Ice cream looks fantastic
This looks absolutely delicious! I can’t wait to try it! My current recipe doesn’t have the egg yolks. And being low-carb, I have to use a sugar substitute of some kind. But I’m sure that will work OK for me with this recipe.
Hey Buttoni,
I made another ice cream without egg yolks the other day and it turned out awesome too. You can find the recipe here, http://www.thebittenword.com/thebittenword/2012/04/roasted-pineapple-sage-ice-cream-jenis-splendid.html Maybe you could substitute strawberries for the pineapple and leave out the sage. I would love to hear how it turns out after you make it!

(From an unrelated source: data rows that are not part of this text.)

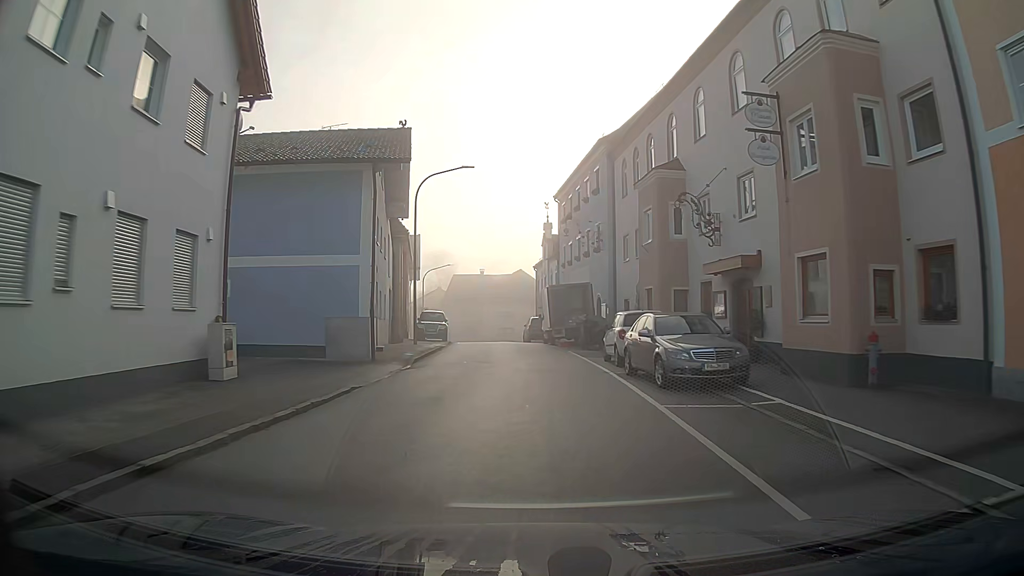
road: secondary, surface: asphalt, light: Day
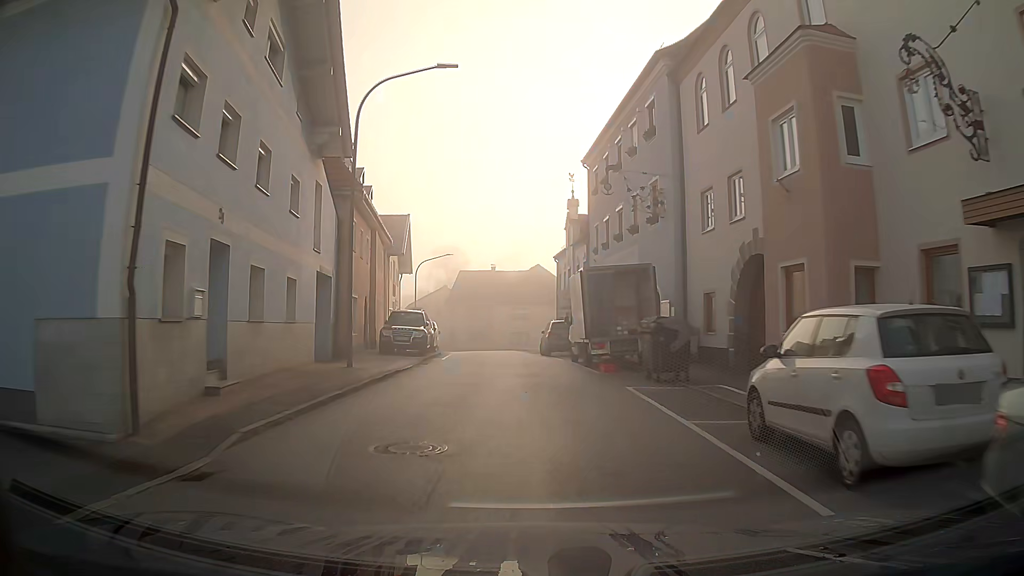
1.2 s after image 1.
(-0.2, +13.1) m; -2°
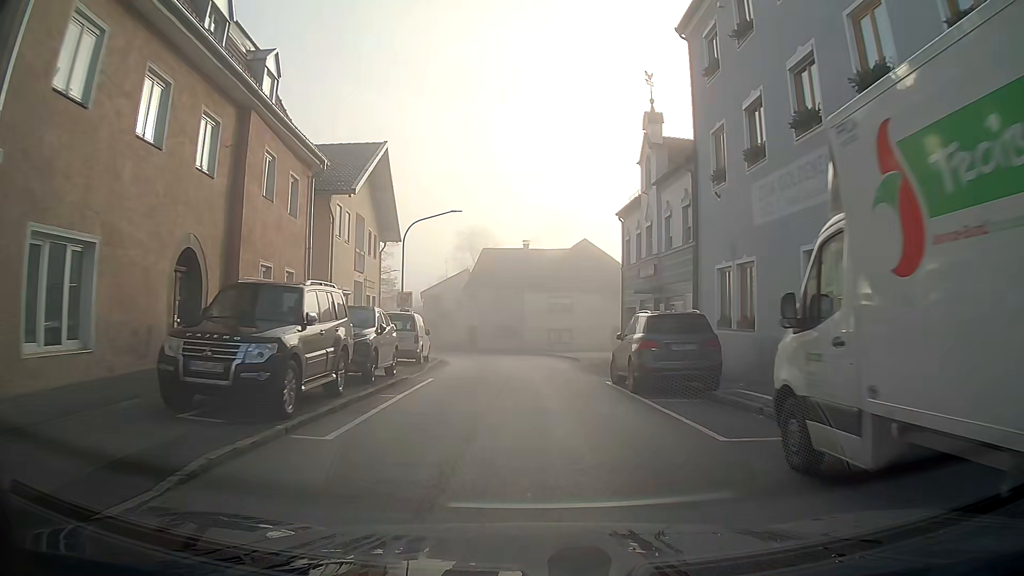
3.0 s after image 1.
(-0.5, +18.4) m; -3°
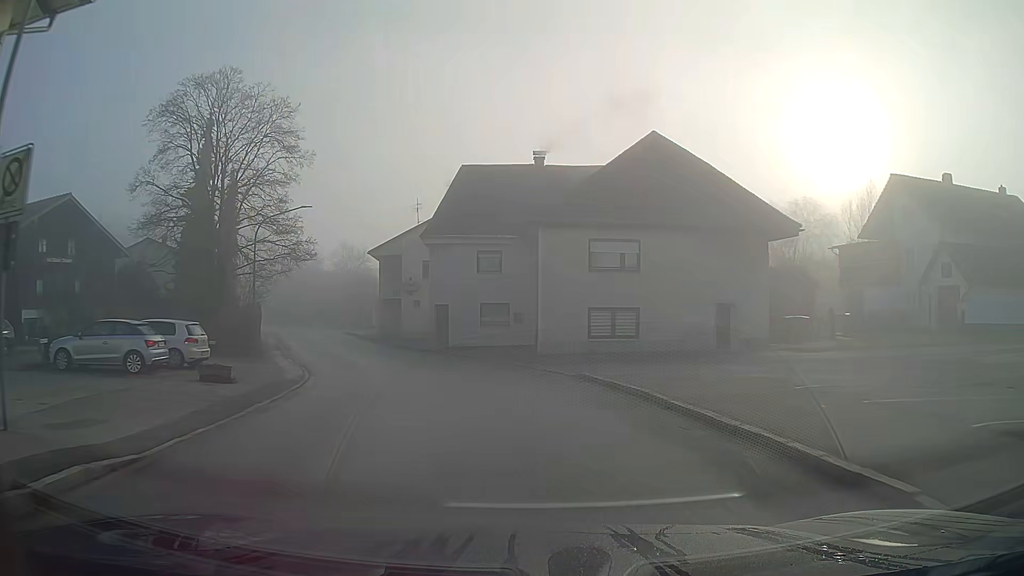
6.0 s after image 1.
(-0.4, +28.4) m; -3°
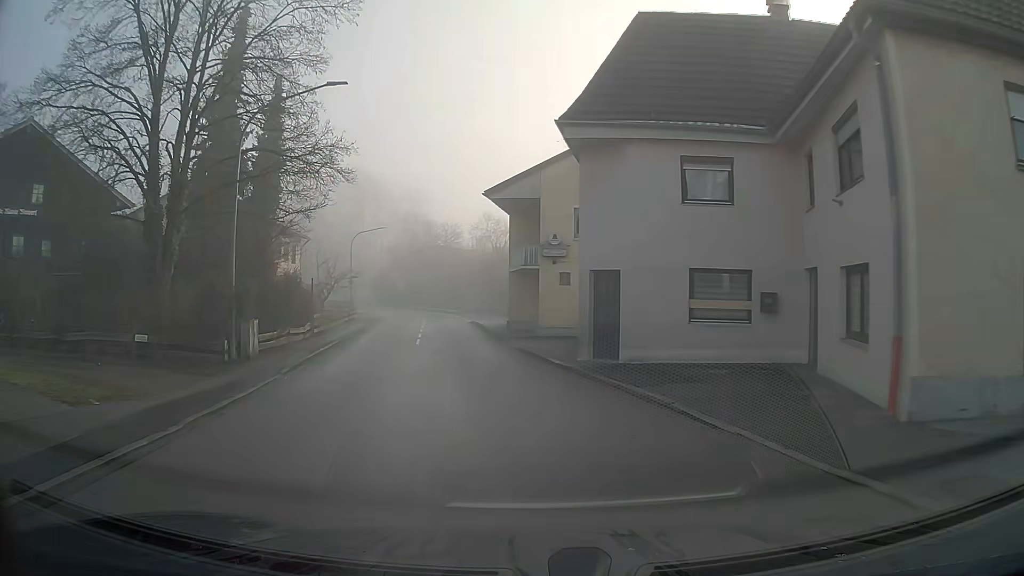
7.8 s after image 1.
(-1.9, +17.7) m; -14°
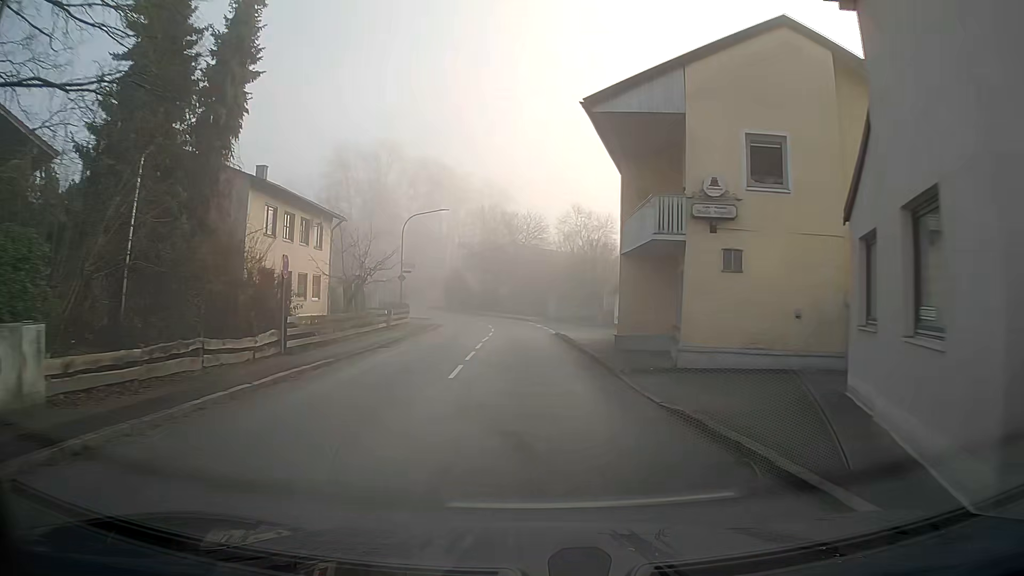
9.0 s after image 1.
(-0.7, +12.7) m; -6°
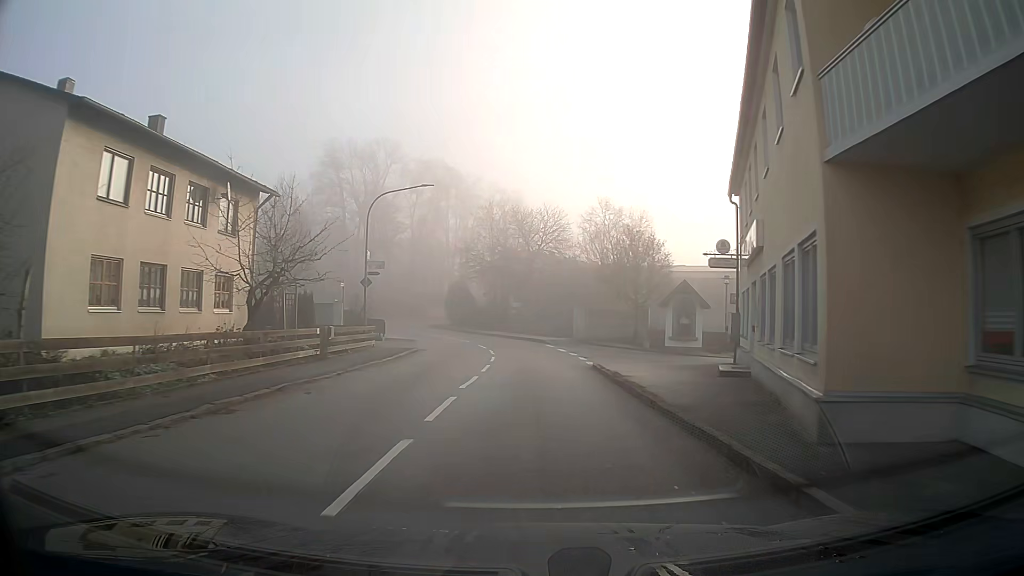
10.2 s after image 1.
(-0.1, +13.4) m; -1°
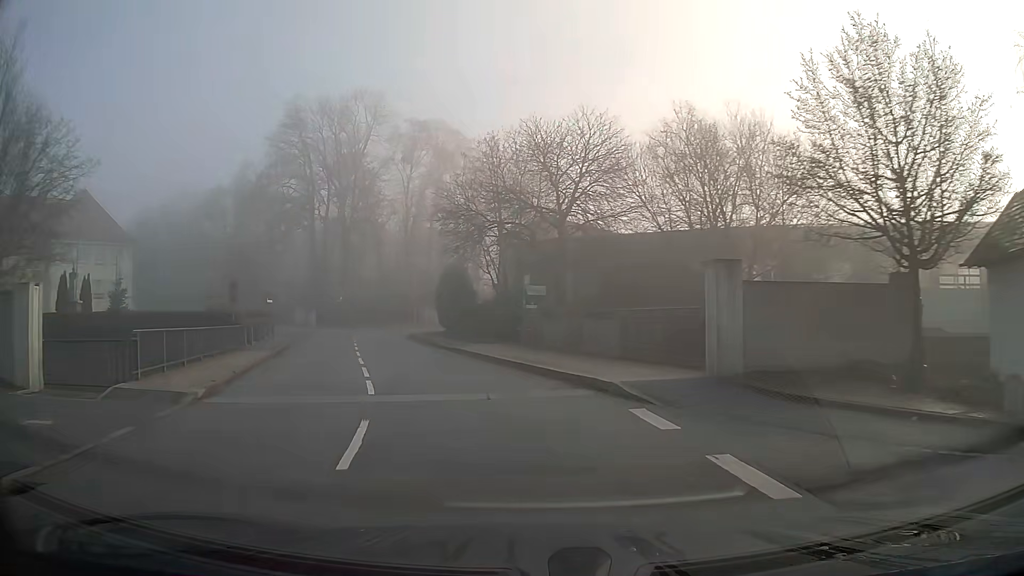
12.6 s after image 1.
(-0.5, +25.8) m; -6°
(-1, +10) (-3, +20) (-5, +29) (-7, +39) (-8, +49) (-6, +59) (-2, +68) (+2, +77) (+7, +86) (+12, +95) m

I too love strawberry. I have been waiting patiently for peak season, and it is finally here. I am going to the market.
Little Monkey looks like one of my family. He made my heart turn over. Too cute.
Hi Madonna,
I’m so jealous that it is strawberry season for you already! We have another month to go before I can indulge again. I had frozen a bunch from the farmers market last summer and used the last for this ice cream. Hope you enjoy it!

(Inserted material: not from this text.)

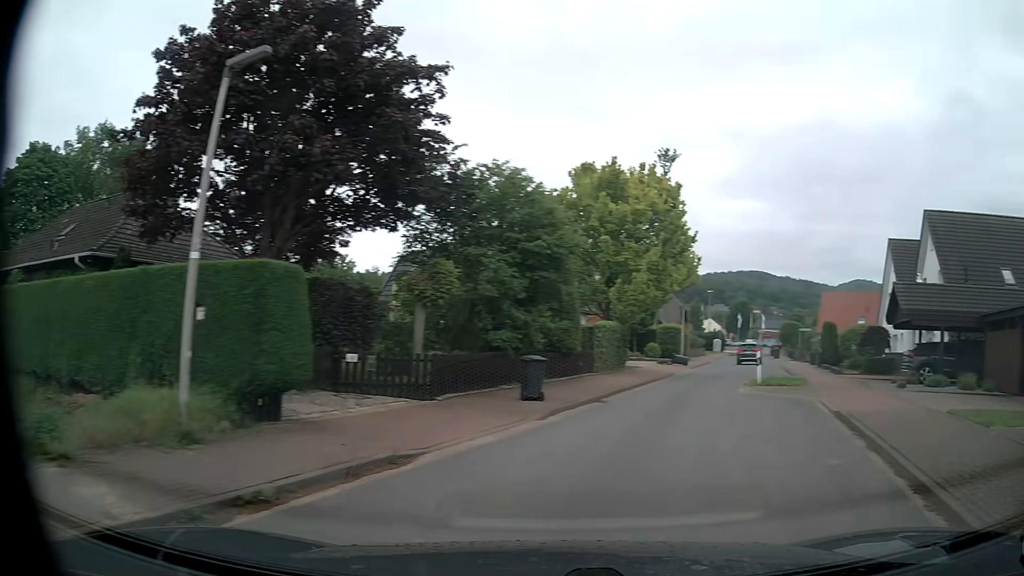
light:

I love strawberries,and this ice cream looks delicios…next on my menu 🙂 Thank’s !
Super hug!
Hi Angelica,
You’re so welcome! I hope that you love it as much as my little nephew did!
Strawberry ice cream isn’t usually my first pick, but FRESH strawberry ice cream? Can’t wait to make this!!
It’s not usually one of my favourites either but the fresh strawberries really made a huge difference. Tastes just like a little bit of summer. Hope you like it too!
Hey, can I do it without ice cream maker? I mean that just do all this things which are in the recipe, place it in a fridge for several hours and eat? 🙂
Hey Agata,
I’ve never tried it before myself but I have definitely read recipes for ice cream that can be made with no ice cream maker. From what I’ve read you can put the ice cream in the freezer for forty-five minutes. Then remove it and whisk or beat it with a hand held blender. Put it back in the freezer then repeat the process of whisking or beating it every half hour until it is frozen, about 2-3 hours. The reason you won’t want to just put it in your freezer and leave it to freeze is because large pieces of ice will form and it won’t be as creamy.
Hope this helps! Let me know how it turns out for you. I’m interested to hear!
Your nephew is adorable!!! This sounds amazing as well. Beautiful photos! 🙂
Thanks, Ali! I think so too 🙂 He’s so much fun to spend time with!